Outre un lieu de repos et un camp de base pour randonneurs, les acteurs de l'opération ont voulu un gîte d'étape accueillant et fonctionnel. Un hall/vestiaire a été construit à l'entrée, desservant indépendamment les salles communes et l'hébergement. Une vaste salle commune équipée d'une salle à manger de 40 places et d'un salon ont été aménagés et prolongés par une terrasse extérieure. Une chambre PMR (personnes à mobilité réduite) accessible de l'intérieur comme de l'extérieur a été créée au rez-de-chaussée. L'étage consacré à l'hébergement, de plain-pied côté nord, ne comportera pas de dortoirs mais des chambres découpées en unités de deux à trois lits et séparées par des cloisons en mélèze. Elles pourront être portées à une capacité de cinq à sept lits avec une majorité de lits au sol et quelques lits en hauteur (mais non superposés) pour les jours de forte affluence.

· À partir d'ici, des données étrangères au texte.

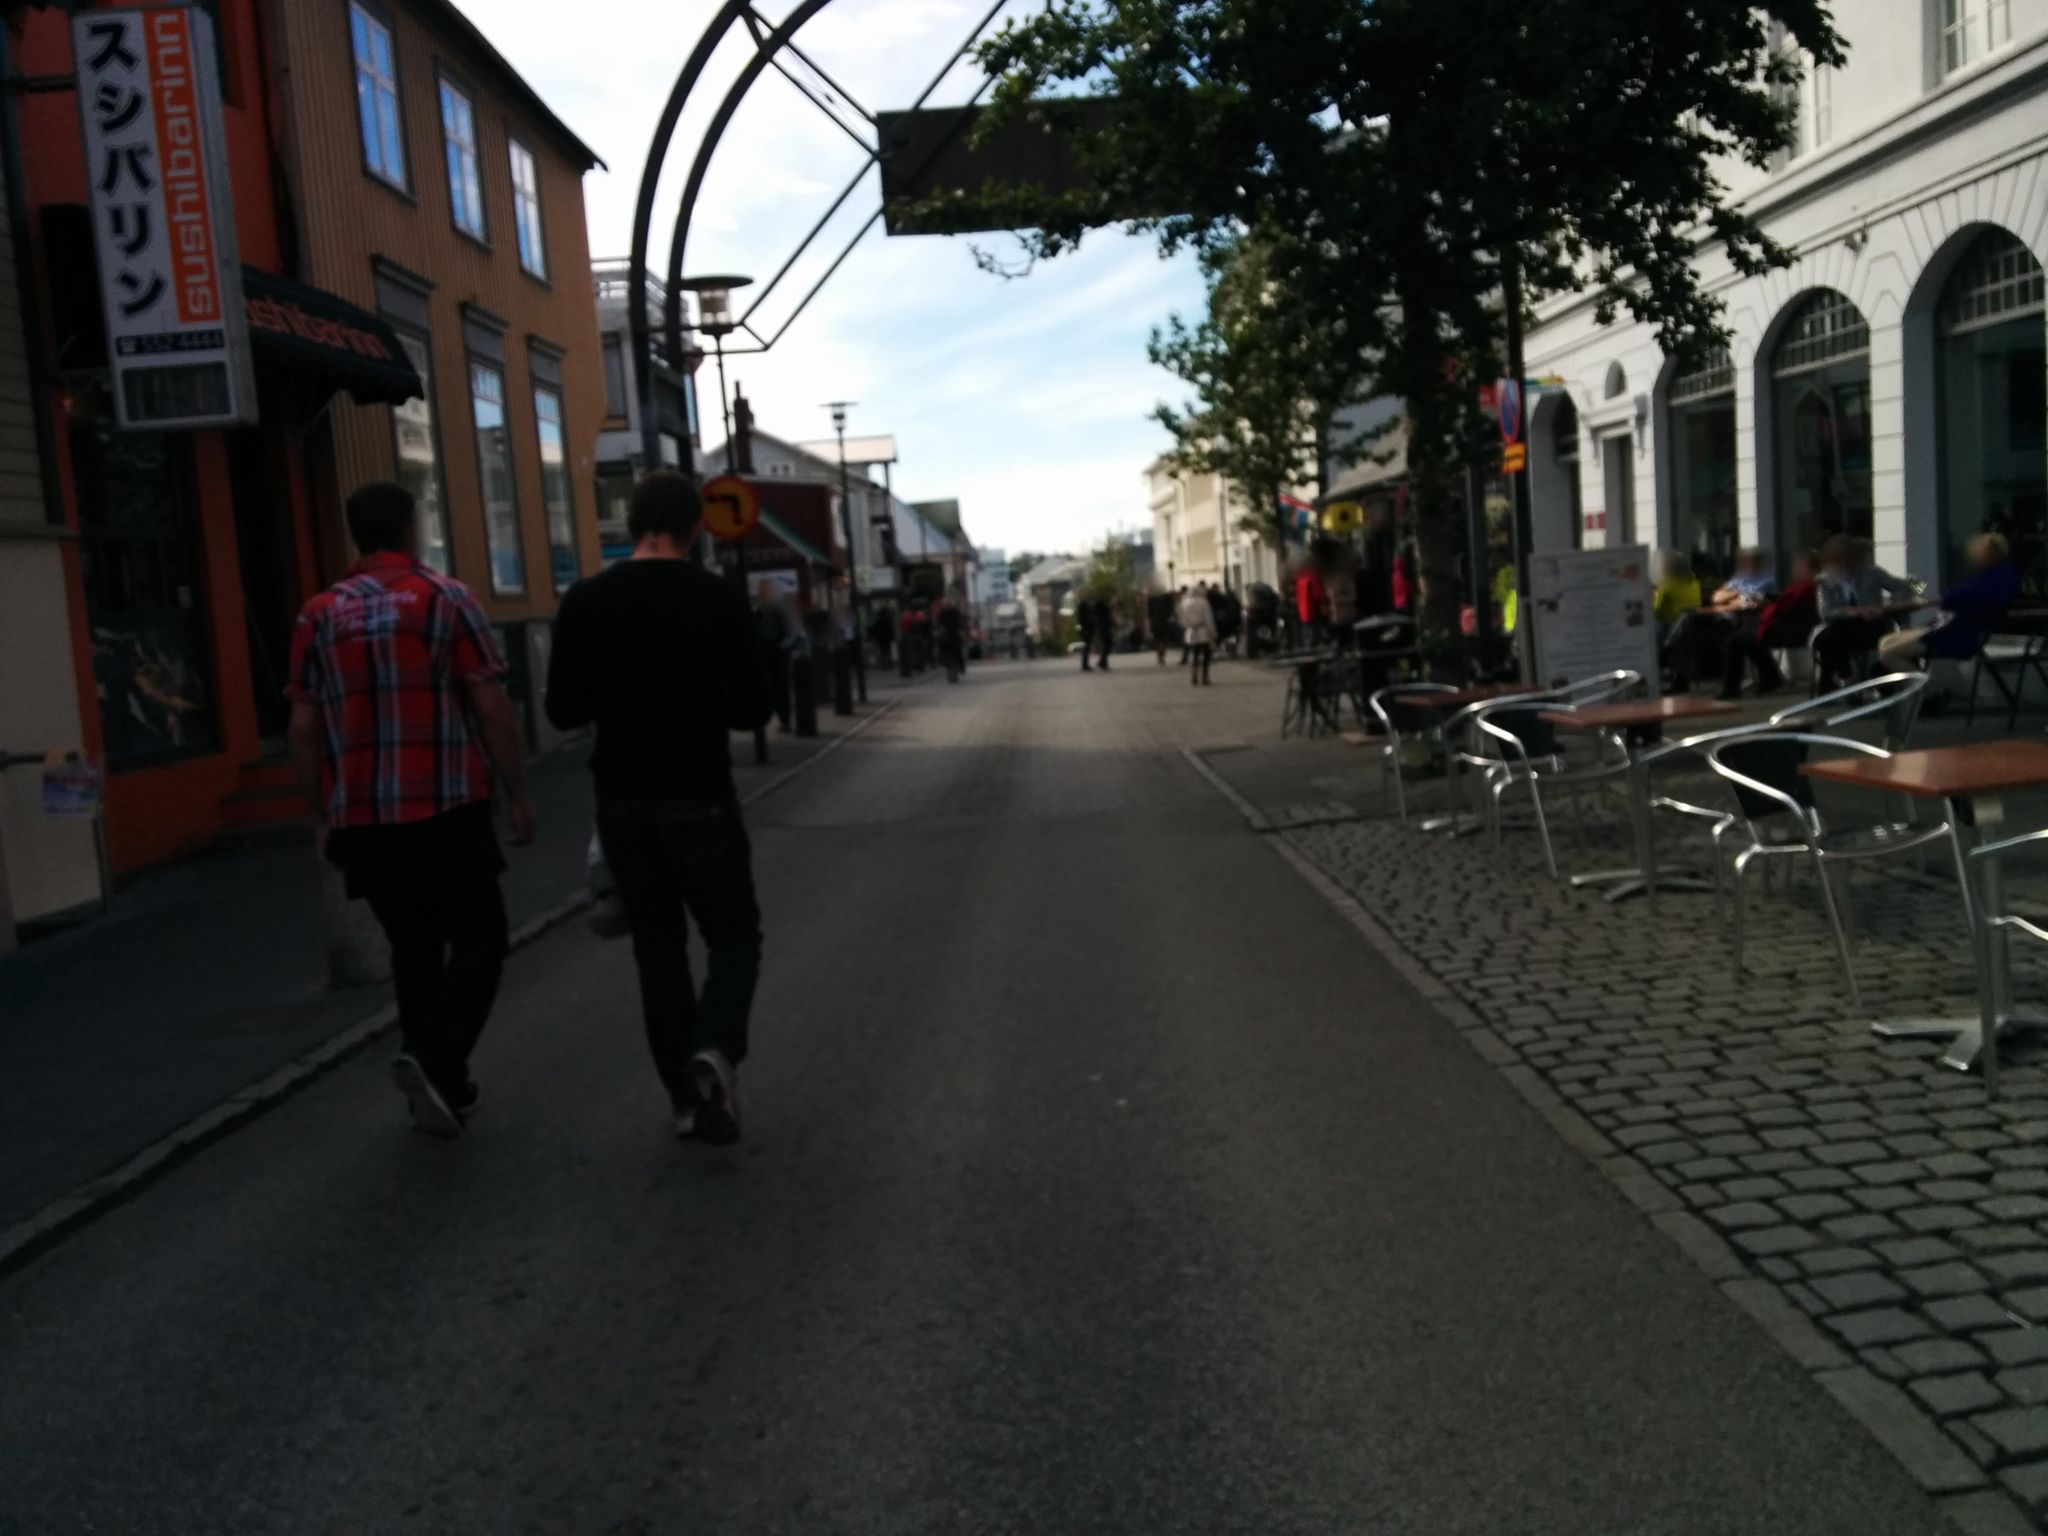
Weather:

Une construction en ossature bois

Le gîte s'implante sur un terrain communal à l'entrée du vallon. Il s'adosse à un talus, à la rupture de pente du terrain. « Une implantation traditionnelle en montagne, qui préserve la prairie en aval », souligne Paul Wagner, architecte du projet. Le site étant vierge de toute construction, il a voulu que sa forme architecturale « s'intègre dans le paysage » et « ménage les perspectives existantes ».

Malgré une mécanique bien huilée, l'architecte aura néanmoins dû pallier deux inconvénients majeurs liés à la construction en ossature bois : « L'absence d'inertie thermique, nécessaire, même à 1600 m, et l'isolation acoustique insuffisante. » Ces deux problèmes ont finalement été réglés avec une solution commune explique l'architecte : « Nous avons choisi de couler des dalles en béton fini ciré sur les planchers bois. ».

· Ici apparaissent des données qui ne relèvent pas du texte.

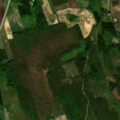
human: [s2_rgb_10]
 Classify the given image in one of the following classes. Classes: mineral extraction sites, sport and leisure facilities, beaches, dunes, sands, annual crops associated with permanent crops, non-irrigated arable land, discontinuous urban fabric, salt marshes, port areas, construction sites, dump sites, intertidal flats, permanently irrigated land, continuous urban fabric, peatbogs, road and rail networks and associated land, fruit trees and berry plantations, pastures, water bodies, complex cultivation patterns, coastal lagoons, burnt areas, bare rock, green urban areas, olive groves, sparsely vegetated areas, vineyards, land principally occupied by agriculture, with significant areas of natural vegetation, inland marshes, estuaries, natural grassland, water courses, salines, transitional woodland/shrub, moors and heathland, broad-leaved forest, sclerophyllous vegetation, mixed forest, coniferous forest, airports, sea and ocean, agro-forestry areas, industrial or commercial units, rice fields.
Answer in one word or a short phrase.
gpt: non-irrigated arable land, land principally occupied by agriculture, with significant areas of natural vegetation, coniferous forest, transitional woodland/shrub
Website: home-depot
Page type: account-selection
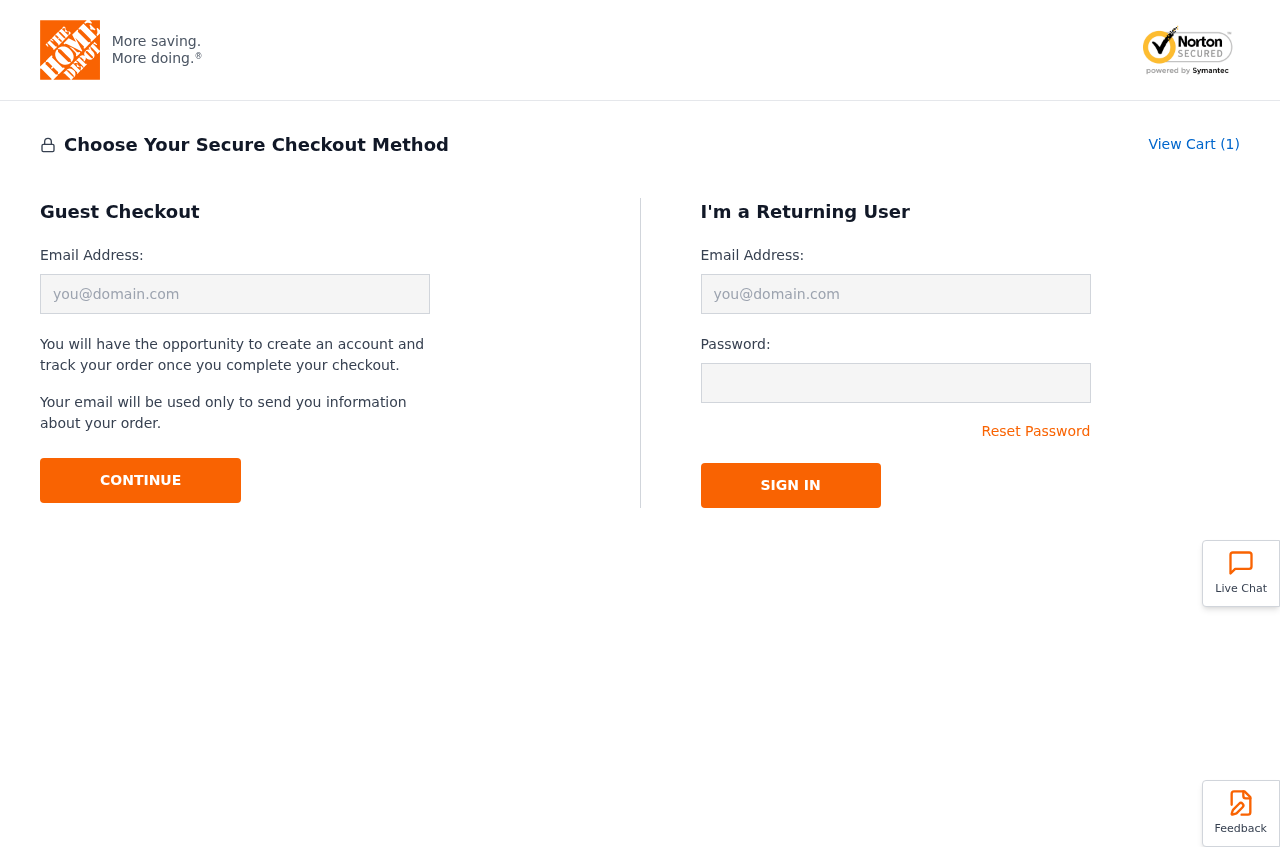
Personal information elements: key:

« La construction est entièrement en bois sur un soubassement maçonné, conçu pour parer aux éventuels débordements du torrent voisin. Le bois, à l'exception des poutres en lamellé-collé de mélèze, est entièrement local, issu des forêts des Hautes-Alpes. C'est plus que le label “Bois des Alpes”. Trois essences ont été employées : le mélèze, l'épicéa, qui est le bois dominant des forêts de Méolans, et le pin cembro, en bardage intérieur, peu connu et peu valorisé, en dehors du Queyras. »

En ce qui concerne l'isolation, les vitrages sont triples sur les façades Nord et Est et doubles au Sud et à l'Ouest, afin de valoriser les apports solaires.

Sur ce projet, dont le montant atteint 911 000 € HT, la maîtrise d'ouvrage est communale mais l'effort financier est partagé. La commune de Méolans-Revel a notamment été soutenue par l'Etat à hauteur de 210 000 € via la dotation d'équipement des territoires ruraux (DETR) au titre de l'année 2018 et de 50 000 € via le Fonds national d'aménagement et de développement du territoire (FNADT). La Région est elle aussi venue en soutien via le CRET (Contrat régional d'équilibre territorial) en attribuant une subvention de 210 000 € et le conseil départemental a participé à hauteur de 90 000 €. D'autre part, 30 000 € ont été obtenus auprès de la SAFHERB, société concessionnaire de la micro centrale électrique de La Blanche du Laverq. Au total, la part d'autofinancement de la commune s'élève à 321 000 €. Une convention de mise en délégation de service public a été signée par les gérants qui ont déjà été recrutés.